Я вжималась в кресло, а пассажиры на первых трех рядах закрывали журналы и книжки и поворачивали головы. За ними последовали четвертый и пятый ряды, словно рябь на воде, из-за которой создавалось впечатление, что на нас смотрит весь самолет. «К сожалению, фильм сегодня транслироваться не будет, но вместо этого мы можем вам предложить понаблюдать за супружеской парой, чей брак разваливается прямо на глазах».

— Обойтись? — повторил он. — Обойтись чем? Медитацией? Холистической медициной? Во имя всего святого, Грейс. У тебя не какая-то там простуда. Эту штуку нельзя вылечить травяным чаем.

И вот мама начала их принимать, каждая таблетка — попытка удержать отца, который уже ушел, сначала мысленно, а потом и по-настоящему. Она так ненавидела эти таблетки, что я правда думала, что делаю доброе дело, перестав их ей давать — уже спустя долгое время после того, как отец исчез и забрал вещички, после того, как он подвел черту под той его жизнью, в которой присутствовали мама и я. Господи боже! — думала я. Это какая-то наркота. Я считала, что поступаю очуметь как правильно. Что я мамин добрый ангел.

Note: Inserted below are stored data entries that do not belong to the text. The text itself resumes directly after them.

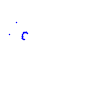
Particle: kaon
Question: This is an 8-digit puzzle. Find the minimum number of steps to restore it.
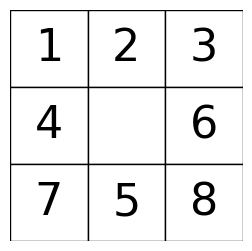
Answer: 2

Мамочка, не нужно принимать их ради меня. Нет, папа не узнает. Он уже два года как с нами не живет. Ушел и не оглянулся. Обещаю, что не скажу. Обещаю, что не стану заставлять. Я слишком тебя люблю.

Жаль, что это обещание не было написано карандашом — сейчас я стерла бы его. Надо было оставить хоть немного рисперидона, просто на всякий случай, а не смывать его весь в унитаз. Потому что у меня есть ужасное чувство, что мы едва удерживаем равновесие. Как будто мы шли рука об руку по тропинке, окаймленной красивыми полевыми цветами, и все было нормально, и вдруг я взглянула под ноги — боже ты мой, тропинка идет по отвесной круче, и слева и справа от нас пустота. Чтобы не упасть, мы раскидываем в стороны руки, как канатоходцы, в отчаянной попытке сохранить равновесие.